In his 8.30 Telluride review of The Imitation Game, Variety‘s Scott Foundas was initally none too charmed: “Nothing is too heavily encrypted in The Imitation Game, a veddy British biopic of prodigal mathematician and WWII codebreaker Alan Turing, rendered in such unerringly tasteful, Masterpiece Theatre-ish fashion that every one of Turing’s professional triumphs and personal tragedies arrives right on schedule and with nary a hair out of place.” Then it got worse: “More than once during the accomplished (but not particularly distinctive) English-language debut for Norwegian director Morten Tyldum (Headhunters), you can catch the ghost of the late Richard Attenborough nodding approvingly over the decorous proceedings.” Aiyeeeee!…worse than Banquo!

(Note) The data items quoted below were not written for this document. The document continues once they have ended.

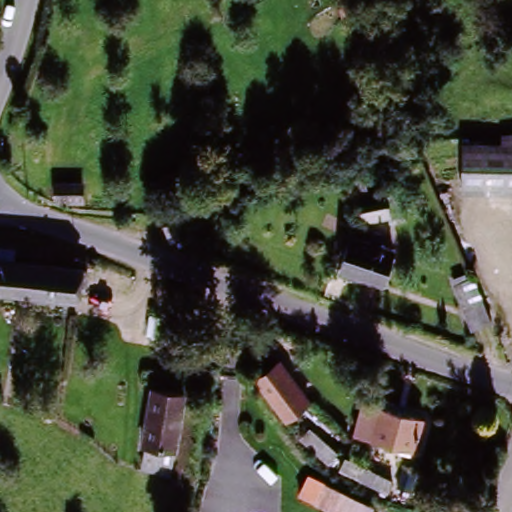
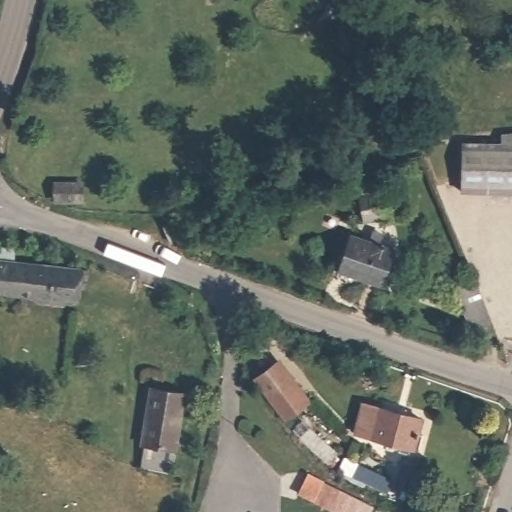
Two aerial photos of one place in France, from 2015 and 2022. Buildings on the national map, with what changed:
unchanged [(362,10),(345,11),(343,0),(361,0),(362,10)]
unchanged [(506,139),(512,138),(512,193),(465,191),(466,144),(505,146),(506,139)]
unchanged [(80,192),(55,189),(56,173),(82,177),(80,192)]
unchanged [(367,179),(370,195),(387,191),(399,190),(405,221),(394,222),(394,218),(365,225),(356,183),(367,179)]
unchanged [(340,268),(352,236),(394,251),(382,283),(340,268)]
unchanged [(0,249),(14,251),(12,263),(72,272),(68,302),(0,292),(0,249)]
unchanged [(474,279),(492,332),(480,337),(460,285),(474,279)]
unchanged [(311,403),(285,423),(252,379),(280,359),(311,403)]
unchanged [(176,453),(170,473),(139,468),(141,446),(150,386),(187,392),(176,453)]
unchanged [(424,419),(418,454),(352,438),(360,404),(424,419)]
unchanged [(359,479),(365,468),(392,482),(386,494),(359,479)]
unchanged [(373,507),(371,512),(329,512),(295,495),(308,473),(373,507)]

Then he relents and warms up: “And yet so innately compelling is Turing’s story — to say nothing of Benedict Cumberbatch’s masterful performance — it’s hard not to get caught up in this well-told tale and its skillful manipulations. Likely to prove more popular with general audiences than highbrow critics, this unapologetically old-fashioned prestige picture (the first of the season’s dueling studies of brilliant but tragic English academics, to be followed soon by The Theory of Everything) looks and feels like another awards-season thoroughbred for U.S. distrib Harvey Weinstein.”